* **Work item**
Please restate the listing word for word, omitting the images.
------------------------------------------------------------
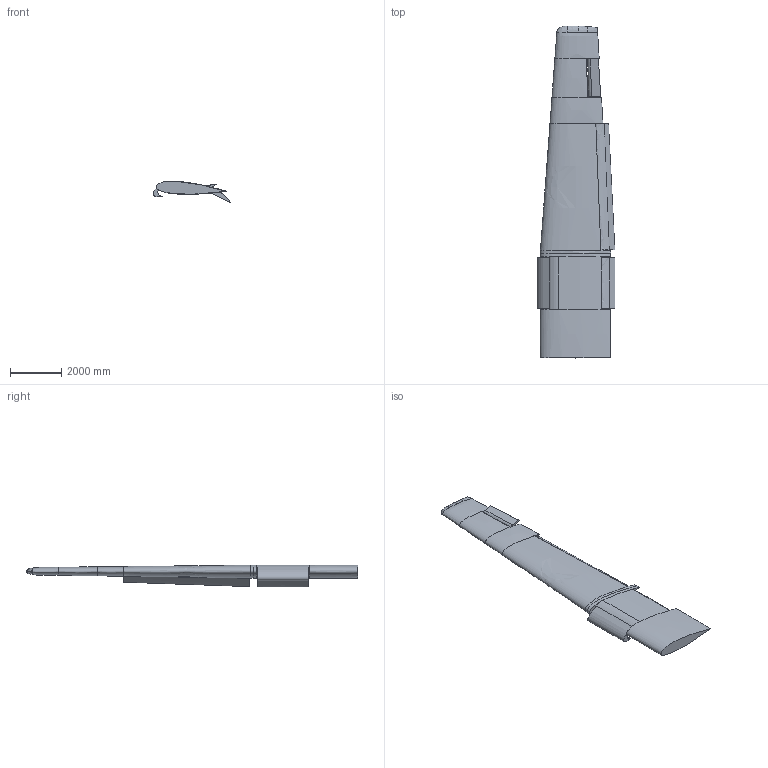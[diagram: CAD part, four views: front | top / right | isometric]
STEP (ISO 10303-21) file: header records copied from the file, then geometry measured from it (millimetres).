
FILE_DESCRIPTION(('Open CASCADE Model'),'2;1');
FILE_NAME('Open CASCADE Shape Model','2019-03-20T17:56:48',('Author'),( 'Open CASCADE'),'Open CASCADE STEP processor 7.3','Open CASCADE 7.3' ,'Unknown');
FILE_SCHEMA(('AUTOMOTIVE_DESIGN { 1 0 10303 214 1 1 1 1 }'));
Length unit declared in the file: millimetre
Products named in the file (6): Open CASCADE STEP translator 7.3 1; Open CASCADE STEP translator 7.3 1.1; Open CASCADE STEP translator 7.3 1.2; Open CASCADE STEP translator 7.3 1.3; Open CASCADE STEP translator 7.3 1.4; Open CASCADE STEP translator 7.3 1.5
Assembly tree (5 placements, depth 2):
  Open CASCADE STEP translator 7.3 1
    Open CASCADE STEP translator 7.3 1.1
    Open CASCADE STEP translator 7.3 1.2
    Open CASCADE STEP translator 7.3 1.3
    Open CASCADE STEP translator 7.3 1.4
    Open CASCADE STEP translator 7.3 1.5
Bounding box: 3039.61 x 12957.88 x 844.48 mm (x, y, z)
Volume: 8133699278.8 mm3; surface area: 74923194.5 mm2
Topology: 5 solids, 5 shells, 78 faces, 170 edges, 102 vertices
Faces by surface type: bspline 51, plane 27
Entity records: 14771 total; most frequent: CARTESIAN_POINT 11863, ORIENTED_EDGE 340, PCURVE 340, DEFINITIONAL_REPRESENTATION 340, DIRECTION 298, B_SPLINE_CURVE_WITH_KNOTS 262, LINE 232, VECTOR 232
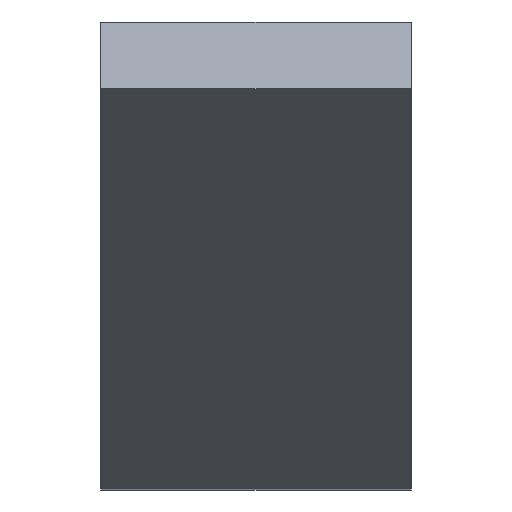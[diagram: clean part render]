
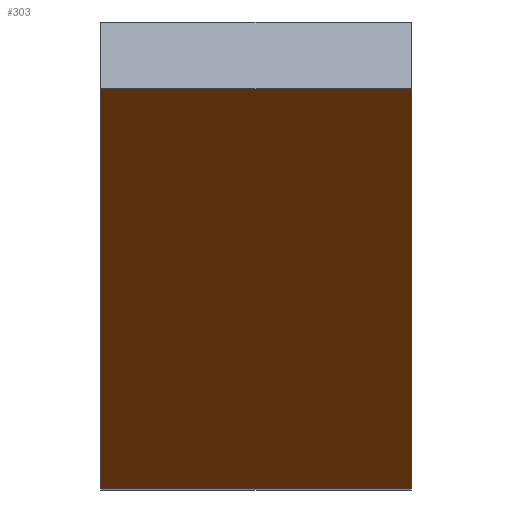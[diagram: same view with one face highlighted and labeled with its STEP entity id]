
A CAD part, top view. The second image highlights one B-rep face of the part: STEP entity #303.
In plain terms, the highlighted planar face has unit normal (0, -0.819, 0.574).
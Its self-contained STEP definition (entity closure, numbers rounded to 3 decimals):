
#13 = VECTOR ( 'NONE', #105, 1000. ) ;
#15 = AXIS2_PLACEMENT_3D ( 'NONE', #157, #317, #305 ) ;
#25 = VECTOR ( 'NONE', #326, 1000. ) ;
#35 = PLANE ( 'NONE',  #15 ) ;
#41 = EDGE_CURVE ( 'NONE', #316, #152, #149, .T. ) ;
#50 = EDGE_CURVE ( 'NONE', #75, #125, #228, .T. ) ;
#51 = DIRECTION ( 'NONE',  ( -1., 0., 0. ) ) ;
#54 = CARTESIAN_POINT ( 'NONE',  ( 0., 2.137, 8.282 ) ) ;
#64 = ORIENTED_EDGE ( 'NONE', *, *, #50, .T. ) ;
#66 = ORIENTED_EDGE ( 'NONE', *, *, #181, .T. ) ;
#72 = CARTESIAN_POINT ( 'NONE',  ( 4., -3., 0.946 ) ) ;
#75 = VERTEX_POINT ( 'NONE', #137 ) ;
#105 = DIRECTION ( 'NONE',  ( 0., -0.574, -0.819 ) ) ;
#125 = VERTEX_POINT ( 'NONE', #141 ) ;
#137 = CARTESIAN_POINT ( 'NONE',  ( 0., 2.137, 8.282 ) ) ;
#138 = FACE_OUTER_BOUND ( 'NONE', #255, .T. ) ;
#141 = CARTESIAN_POINT ( 'NONE',  ( 0., -3., 0.946 ) ) ;
#149 = LINE ( 'NONE', #236, #13 ) ;
#152 = VERTEX_POINT ( 'NONE', #193 ) ;
#157 = CARTESIAN_POINT ( 'NONE',  ( 4., 2.137, 8.282 ) ) ;
#181 = EDGE_CURVE ( 'NONE', #316, #75, #207, .T. ) ;
#193 = CARTESIAN_POINT ( 'NONE',  ( 4., -3., 0.946 ) ) ;
#202 = ORIENTED_EDGE ( 'NONE', *, *, #41, .F. ) ;
#207 = LINE ( 'NONE', #313, #231 ) ;
#226 = CARTESIAN_POINT ( 'NONE',  ( 4., 2.137, 8.282 ) ) ;
#228 = LINE ( 'NONE', #54, #25 ) ;
#231 = VECTOR ( 'NONE', #314, 1000. ) ;
#235 = LINE ( 'NONE', #72, #321 ) ;
#236 = CARTESIAN_POINT ( 'NONE',  ( 4., 2.137, 8.282 ) ) ;
#244 = EDGE_CURVE ( 'NONE', #152, #125, #235, .T. ) ;
#255 = EDGE_LOOP ( 'NONE', ( #64, #279, #202, #66 ) ) ;
#279 = ORIENTED_EDGE ( 'NONE', *, *, #244, .F. ) ;
#303 = ADVANCED_FACE ( 'NONE', ( #138 ), #35, .F. ) ;
#305 = DIRECTION ( 'NONE',  ( 0., 0.574, 0.819 ) ) ;
#313 = CARTESIAN_POINT ( 'NONE',  ( 4., 2.137, 8.282 ) ) ;
#314 = DIRECTION ( 'NONE',  ( -1., 0., 0. ) ) ;
#316 = VERTEX_POINT ( 'NONE', #226 ) ;
#317 = DIRECTION ( 'NONE',  ( 0., 0.819, -0.574 ) ) ;
#321 = VECTOR ( 'NONE', #51, 1000. ) ;
#326 = DIRECTION ( 'NONE',  ( 0., -0.574, -0.819 ) ) ;
------------------------------------------------------------
* **Written answer**
[diagram: CAD part, four views: front | top / right | isometric]
STEP (ISO 10303-21) file: header records copied from the file, then geometry measured from it (millimetres).
FILE_DESCRIPTION(('Open CASCADE Model'),'2;1');
FILE_NAME('Open CASCADE Shape Model','2019-03-20T17:56:48',('Author'),( 'Open CASCADE'),'Open CASCADE STEP processor 7.3','Open CASCADE 7.3' ,'Unknown');
FILE_SCHEMA(('AUTOMOTIVE_DESIGN { 1 0 10303 214 1 1 1 1 }'));
Length unit declared in the file: millimetre
Products named in the file (6): Open CASCADE STEP translator 7.3 1; Open CASCADE STEP translator 7.3 1.1; Open CASCADE STEP translator 7.3 1.2; Open CASCADE STEP translator 7.3 1.3; Open CASCADE STEP translator 7.3 1.4; Open CASCADE STEP translator 7.3 1.5
Assembly tree (5 placements, depth 2):
  Open CASCADE STEP translator 7.3 1
    Open CASCADE STEP translator 7.3 1.1
    Open CASCADE STEP translator 7.3 1.2
    Open CASCADE STEP translator 7.3 1.3
    Open CASCADE STEP translator 7.3 1.4
    Open CASCADE STEP translator 7.3 1.5
Bounding box: 3039.61 x 12957.88 x 844.48 mm (x, y, z)
Volume: 8133699278.8 mm3; surface area: 74923194.5 mm2
Topology: 5 solids, 5 shells, 78 faces, 170 edges, 102 vertices
Faces by surface type: bspline 51, plane 27
Entity records: 14771 total; most frequent: CARTESIAN_POINT 11863, ORIENTED_EDGE 340, PCURVE 340, DEFINITIONAL_REPRESENTATION 340, DIRECTION 298, B_SPLINE_CURVE_WITH_KNOTS 262, LINE 232, VECTOR 232
[diagram: clean part render]
[diagram: same view with one face highlighted and labeled with its STEP entity id]
A CAD part, top view. The second image highlights one B-rep face of the part: STEP entity #303.
In plain terms, the highlighted planar face has unit normal (0, -0.819, 0.574).
Its self-contained STEP definition (entity closure, numbers rounded to 3 decimals):
#13 = VECTOR ( 'NONE', #105, 1000. ) ;
#15 = AXIS2_PLACEMENT_3D ( 'NONE', #157, #317, #305 ) ;
#25 = VECTOR ( 'NONE', #326, 1000. ) ;
#35 = PLANE ( 'NONE',  #15 ) ;
#41 = EDGE_CURVE ( 'NONE', #316, #152, #149, .T. ) ;
#50 = EDGE_CURVE ( 'NONE', #75, #125, #228, .T. ) ;
#51 = DIRECTION ( 'NONE',  ( -1., 0., 0. ) ) ;
#54 = CARTESIAN_POINT ( 'NONE',  ( 0., 2.137, 8.282 ) ) ;
#64 = ORIENTED_EDGE ( 'NONE', *, *, #50, .T. ) ;
#66 = ORIENTED_EDGE ( 'NONE', *, *, #181, .T. ) ;
#72 = CARTESIAN_POINT ( 'NONE',  ( 4., -3., 0.946 ) ) ;
#75 = VERTEX_POINT ( 'NONE', #137 ) ;
#105 = DIRECTION ( 'NONE',  ( 0., -0.574, -0.819 ) ) ;
#125 = VERTEX_POINT ( 'NONE', #141 ) ;
#137 = CARTESIAN_POINT ( 'NONE',  ( 0., 2.137, 8.282 ) ) ;
#138 = FACE_OUTER_BOUND ( 'NONE', #255, .T. ) ;
#141 = CARTESIAN_POINT ( 'NONE',  ( 0., -3., 0.946 ) ) ;
#149 = LINE ( 'NONE', #236, #13 ) ;
#152 = VERTEX_POINT ( 'NONE', #193 ) ;
#157 = CARTESIAN_POINT ( 'NONE',  ( 4., 2.137, 8.282 ) ) ;
#181 = EDGE_CURVE ( 'NONE', #316, #75, #207, .T. ) ;
#193 = CARTESIAN_POINT ( 'NONE',  ( 4., -3., 0.946 ) ) ;
#202 = ORIENTED_EDGE ( 'NONE', *, *, #41, .F. ) ;
#207 = LINE ( 'NONE', #313, #231 ) ;
#226 = CARTESIAN_POINT ( 'NONE',  ( 4., 2.137, 8.282 ) ) ;
#228 = LINE ( 'NONE', #54, #25 ) ;
#231 = VECTOR ( 'NONE', #314, 1000. ) ;
#235 = LINE ( 'NONE', #72, #321 ) ;
#236 = CARTESIAN_POINT ( 'NONE',  ( 4., 2.137, 8.282 ) ) ;
#244 = EDGE_CURVE ( 'NONE', #152, #125, #235, .T. ) ;
#255 = EDGE_LOOP ( 'NONE', ( #64, #279, #202, #66 ) ) ;
#279 = ORIENTED_EDGE ( 'NONE', *, *, #244, .F. ) ;
#303 = ADVANCED_FACE ( 'NONE', ( #138 ), #35, .F. ) ;
#305 = DIRECTION ( 'NONE',  ( 0., 0.574, 0.819 ) ) ;
#313 = CARTESIAN_POINT ( 'NONE',  ( 4., 2.137, 8.282 ) ) ;
#314 = DIRECTION ( 'NONE',  ( -1., 0., 0. ) ) ;
#316 = VERTEX_POINT ( 'NONE', #226 ) ;
#317 = DIRECTION ( 'NONE',  ( 0., 0.819, -0.574 ) ) ;
#321 = VECTOR ( 'NONE', #51, 1000. ) ;
#326 = DIRECTION ( 'NONE',  ( 0., -0.574, -0.819 ) ) ;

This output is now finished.